Что противопоставлял Иисус человеческой беде – греху и виновности в грехе? Я не вправе вторгаться в это святая святых, пытаясь как можно полнее ответить на этот вопрос. Остановлюсь лишь на очевидном.

Прежде всего, Он противопоставлял греху Свое умение прощать, и в этом Его сила, точнее – мощь. И тогда, и теперь прощение – самый прекрасный, самый великий и самый трудный поступок, который только может совершить человек. Но прощение Ему давалось куда труднее, чем нам. Ему дано видеть, сколь разрушителен грех для творения Отца – Его чад, и тем больше мучило Его наносимое ими Отцу оскорбление. Но Иисус был и есть само прощение. Потому Он и Спаситель мира, что обладал на Земле огромной духовной силой, постоянно совершающей в противовес ужасным действиям греха колоссальную работу – прощение тех, кто его ищет, кто его просит. И то была не бездушная работа принципа всеобщего прощения, а в каждом случае – труд Его души, Его духа – полная противоположность тому, как действуем мы. Прощая кому-то грехи, Он Сам становился этим грешником пред Богом, желая, как того требовало Его сердце, ответствовать за него, чтобы Отец в Своей святости Его простил. И если Его борьба с болезнью, как мы убедились, предвещала Ему претерпеть смерть, то здесь, в сражении с грехом, это видится нам еще ясней. Иисус стоит перед Отцом, приняв на Себя бремя всеобщей вины. Сам Он этого не хочет, Его сердце противится тому, чтобы это несвойственное Ему состояние вины, вопреки присущей Отцу строгой логике, уходило из Него просто так, одним проявлением ничем не обоснованной милости. Такого Он не хочет и не вправе просить. Пусть будет, что будет, все без исключения должно решаться в свете Божьем свято и последовательно, рассудительно, по правде. Поэтому Он и предстает перед Отцом грешником, ожидая прощения, а не амнистии. Прощение совершается в наказании. И «Он грехи наши Сам вознес телом Своим на древо» (1 Пет 2:24), чтобы понести наказание, которого они заслуживают.

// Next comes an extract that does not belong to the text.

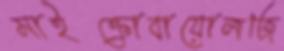
মাইক্রোবায়োলজি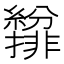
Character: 𫄐

Он никогда не прощал, прежде не обратившись к Отцу, не испросив Его согласия, а всегда в единении с Ним, скрепленном священными узами любви, – в этом заключалась великая разрешающая сила Его прощения, на этом преимущественно основывалась Его власть прощать на Земле грехи.

Говоря о том, как именно Он прощал, упомянем нечто, внутренне связанное с этим, – удивительную проницательность Его любви, способной сквозь все наслоения безобразного и неподобающего видеть в человеке доброе начало (если оно у него было), то, что позволит Ему в благоприятный момент достучаться до его сердца. «Не судить!» – вот чем была преисполнена Его душа. Не искать в человеке одно лишь злое, ничего в нем не истолковывать не в его пользу, открыть прежде основу всего – его добрую волю. Это было Его искусство, нет, это была радость Его сердца. В глазах Его окружения Он был воплощением чудесной «силы Божьей», которая их всех возвышала, освобождала, наполняла светом.

Отношение Иисуса к грешникам раскрывается в трех притчах: о пропавшей овце; о потерянной драхме и о блудном сыне (Лк 15). Он рассказал их в ответ на ропот фарисеев, говоривших: «Он принимает грешников и ест с ними». По мере того как фарисеи и их сторонники все более отдалялись от Иисуса, Его все чаще посещали и окружали «люди из народа», нередко с сомнительным прошлым («приближались к Нему все мытари и грешники слушать Его»), и это было тем более предосудительно, что никто не замечал происходивших с этими людьми изменений, тем более признаков, служивших для фарисеев мерилом благочестия. И создавалось впечатление, будто Он водит дружбу не только с раскаявшимися, но и с безнадежными грешниками. Но как отрадно видеть эту вереницу людей, тянущихся к Иисусу! Они удивительно тонко подмечали небывалое, блаженное изменение, которое происходило в том или ином человеке после общения с Иисусом. Это и влекло к Нему все больше и больше израильтян. Они жаждали обращения – и шли к Спасителю, исполненные раскаяния.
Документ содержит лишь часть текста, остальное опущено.